=== DATASET ENTRIES ===
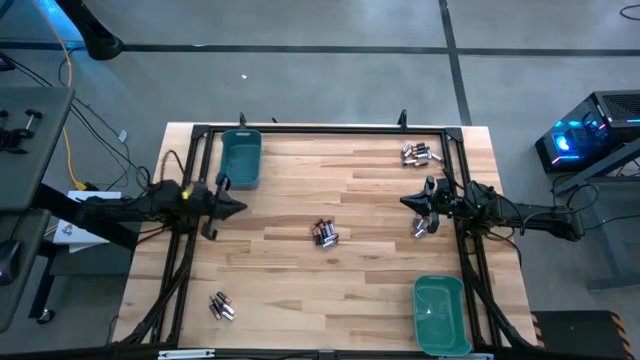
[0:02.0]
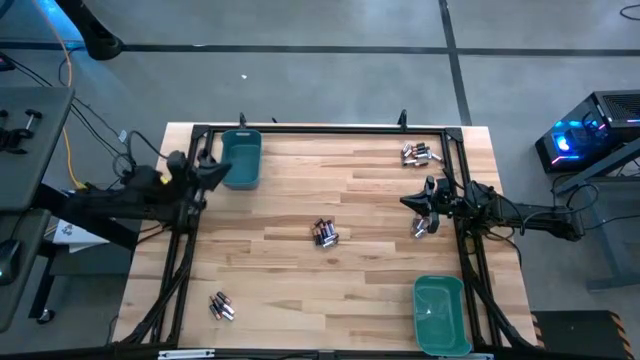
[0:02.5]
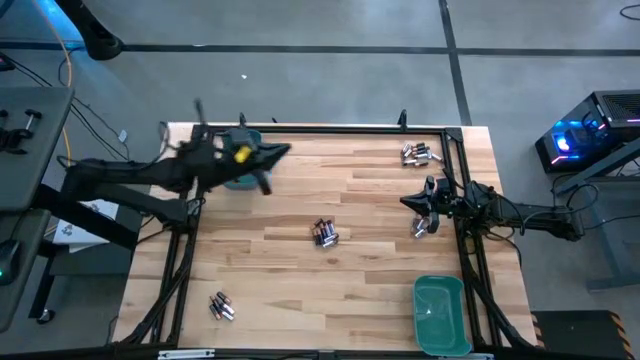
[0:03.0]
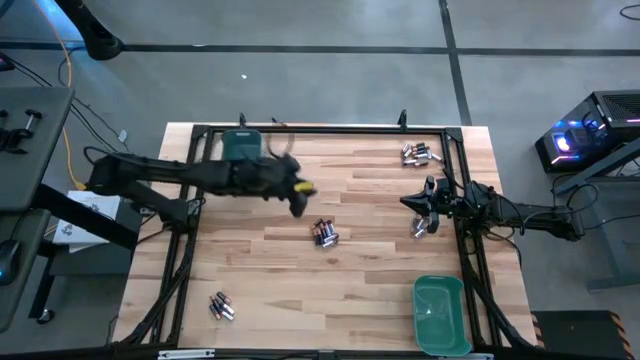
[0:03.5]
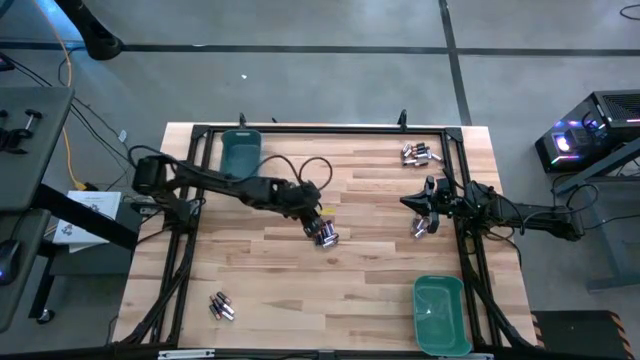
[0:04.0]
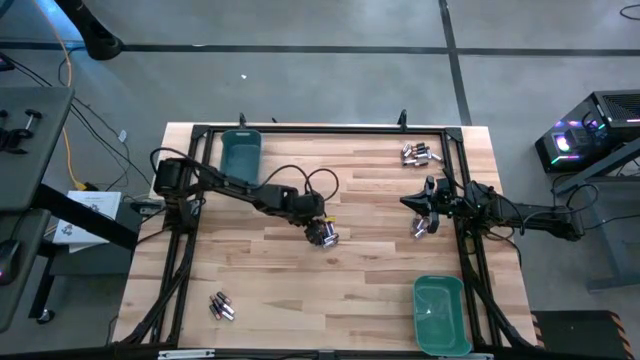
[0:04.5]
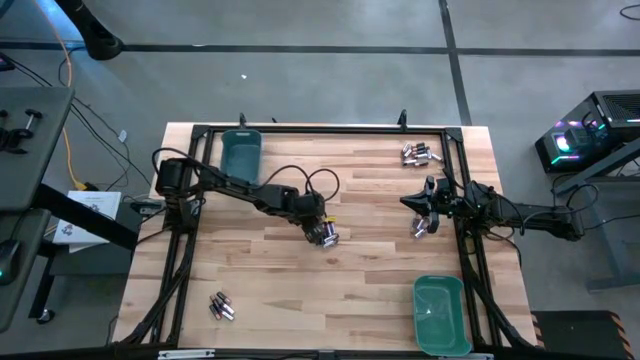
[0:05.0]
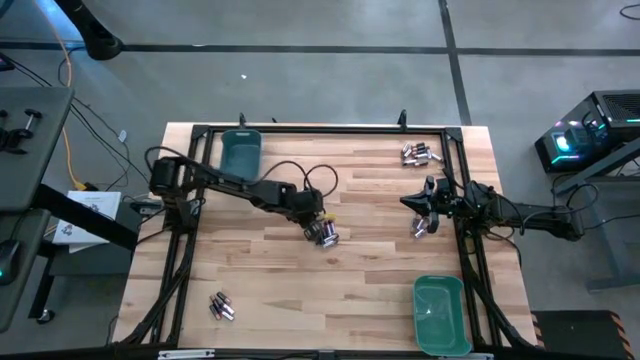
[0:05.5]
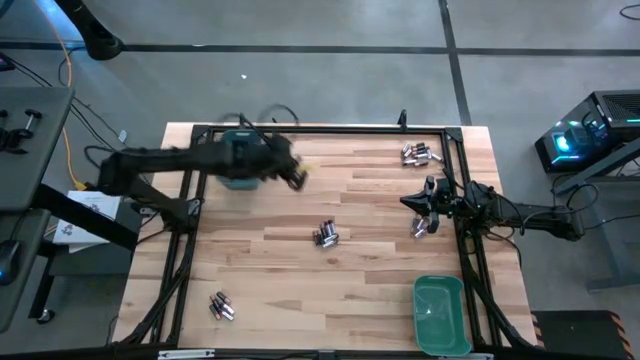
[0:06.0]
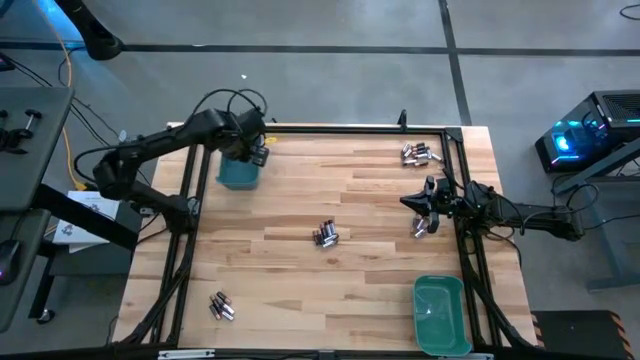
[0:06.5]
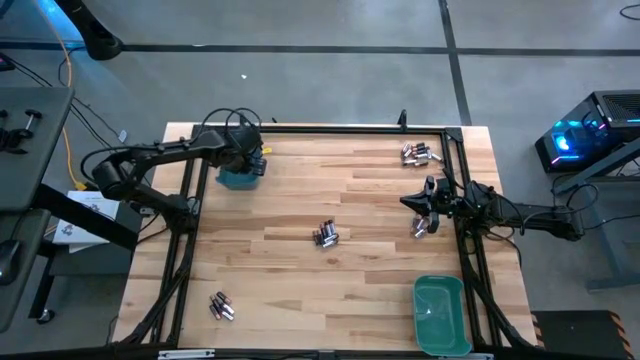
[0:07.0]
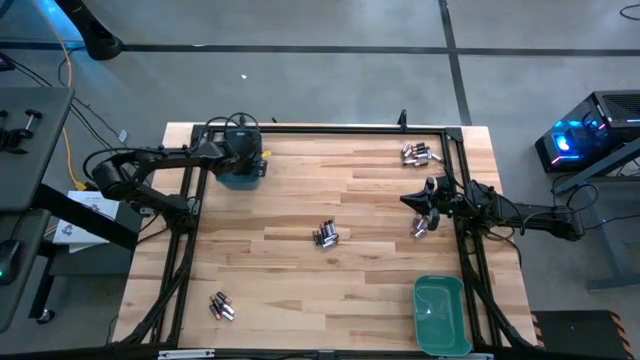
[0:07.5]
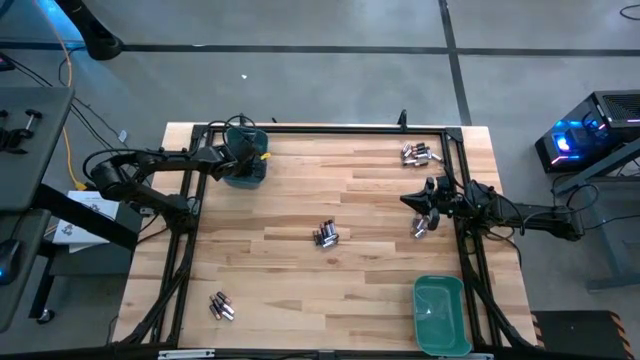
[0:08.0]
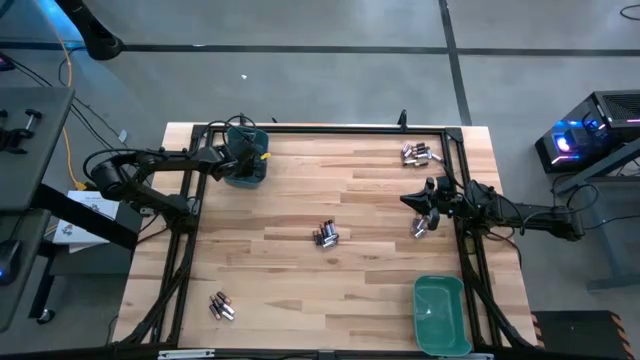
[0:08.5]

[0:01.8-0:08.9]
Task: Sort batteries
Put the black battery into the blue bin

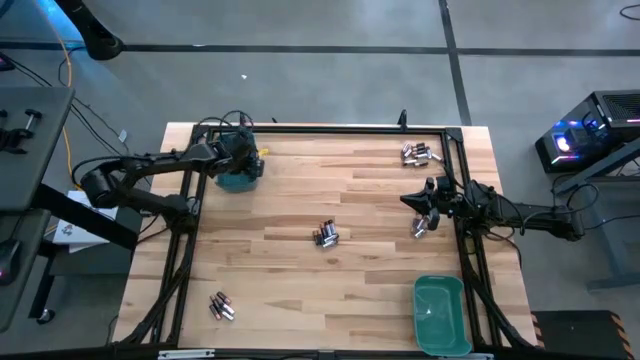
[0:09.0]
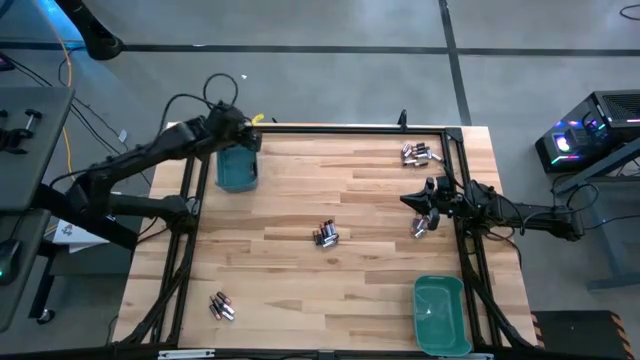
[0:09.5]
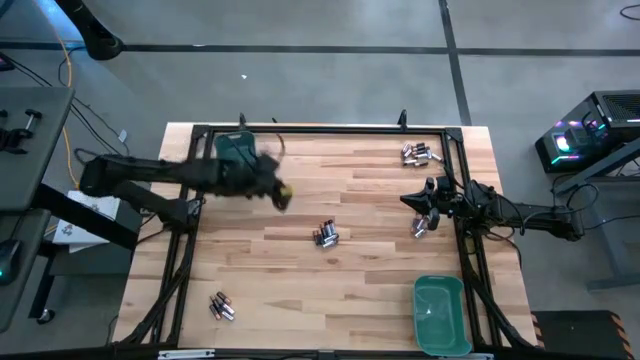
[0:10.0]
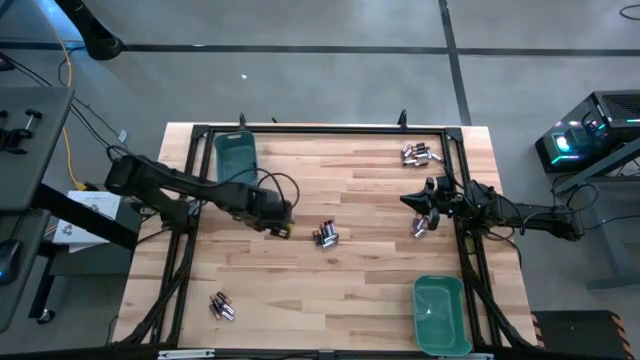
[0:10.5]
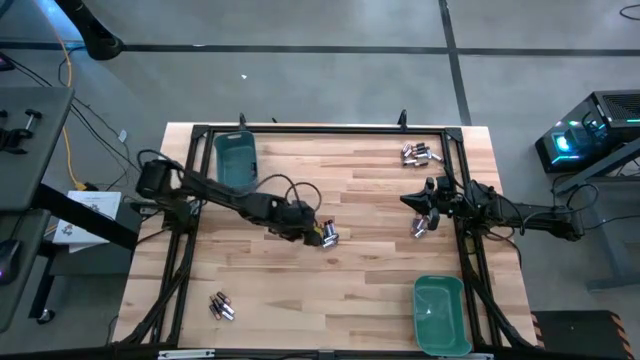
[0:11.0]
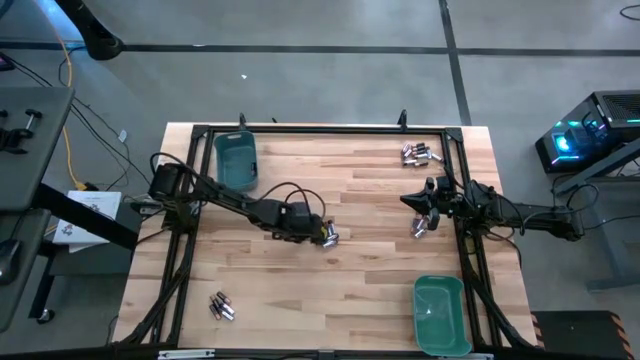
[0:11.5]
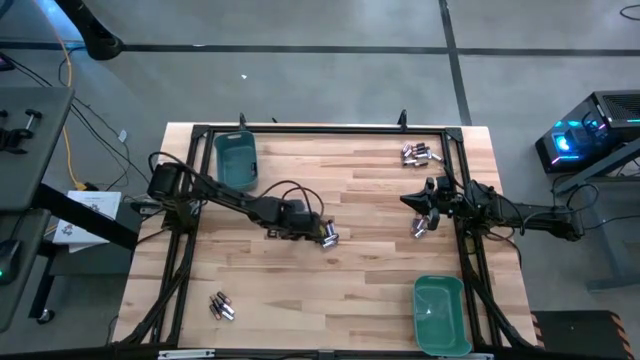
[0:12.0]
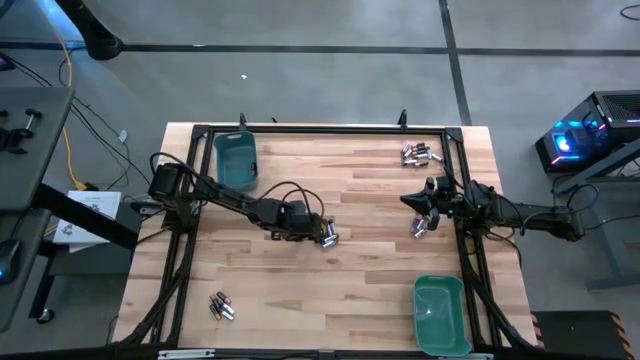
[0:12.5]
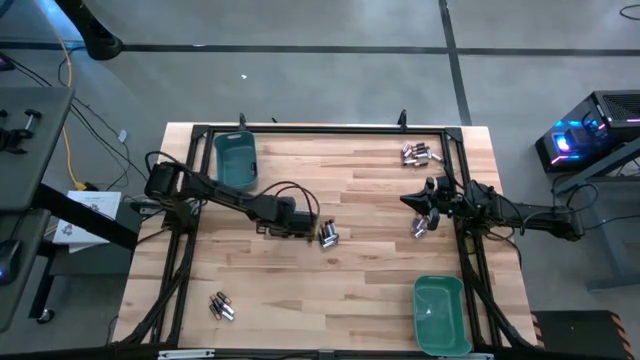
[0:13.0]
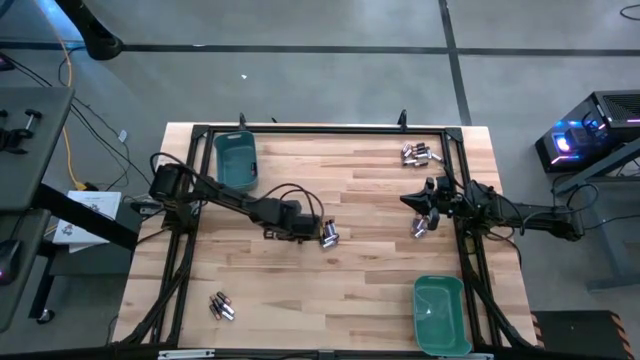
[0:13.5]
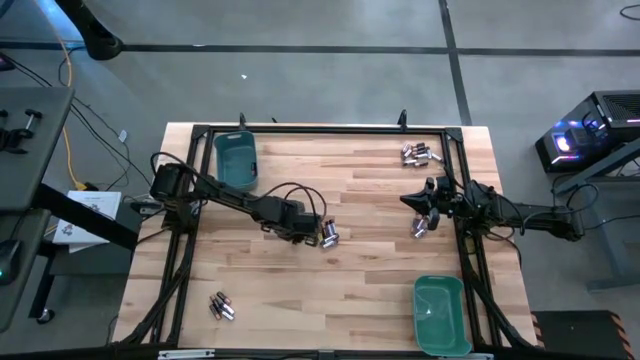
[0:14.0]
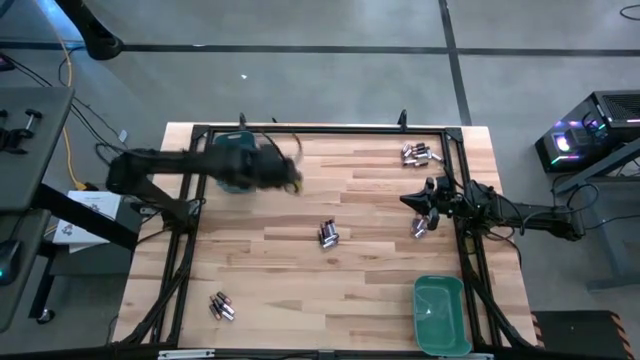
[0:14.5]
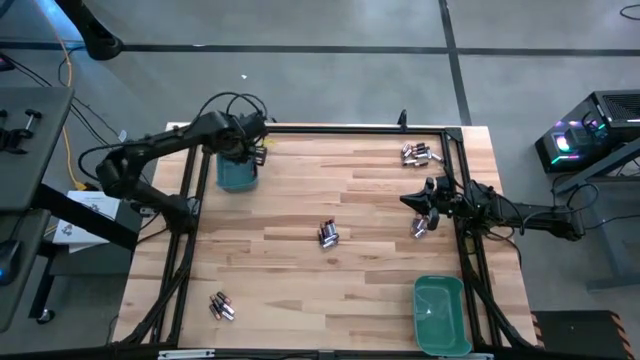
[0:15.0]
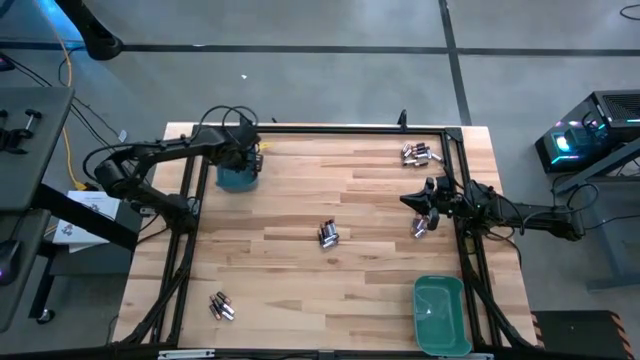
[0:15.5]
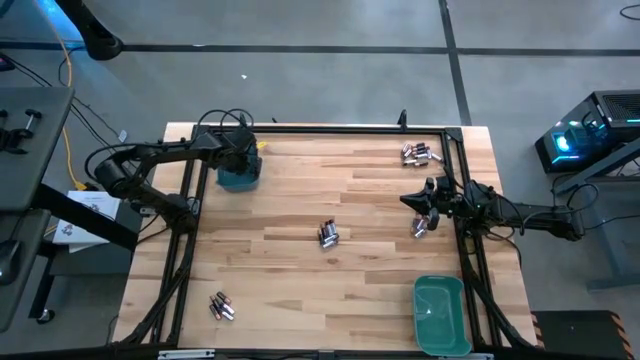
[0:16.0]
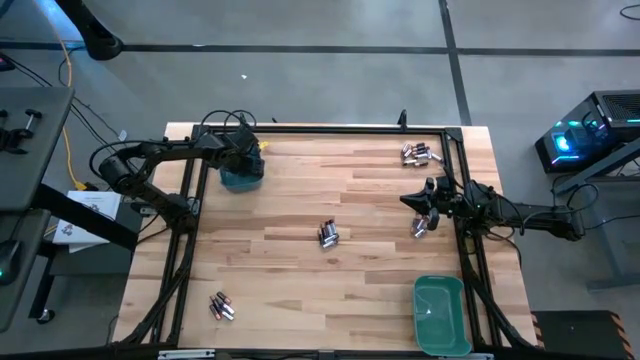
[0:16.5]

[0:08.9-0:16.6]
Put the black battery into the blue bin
===
** EXERCISE DIRECTIONS **
Apart from the images, every line above is to be given again exactly.

** TASK OUTPUT **
[0:02.0]
[0:02.5]
[0:03.0]
[0:03.5]
[0:04.0]
[0:04.5]
[0:05.0]
[0:05.5]
[0:06.0]
[0:06.5]
[0:07.0]
[0:07.5]
[0:08.0]
[0:08.5]

[0:01.8-0:08.9]
Task: Sort batteries
Put the black battery into the blue bin

[0:09.0]
[0:09.5]
[0:10.0]
[0:10.5]
[0:11.0]
[0:11.5]
[0:12.0]
[0:12.5]
[0:13.0]
[0:13.5]
[0:14.0]
[0:14.5]
[0:15.0]
[0:15.5]
[0:16.0]
[0:16.5]

[0:08.9-0:16.6]
Put the black battery into the blue bin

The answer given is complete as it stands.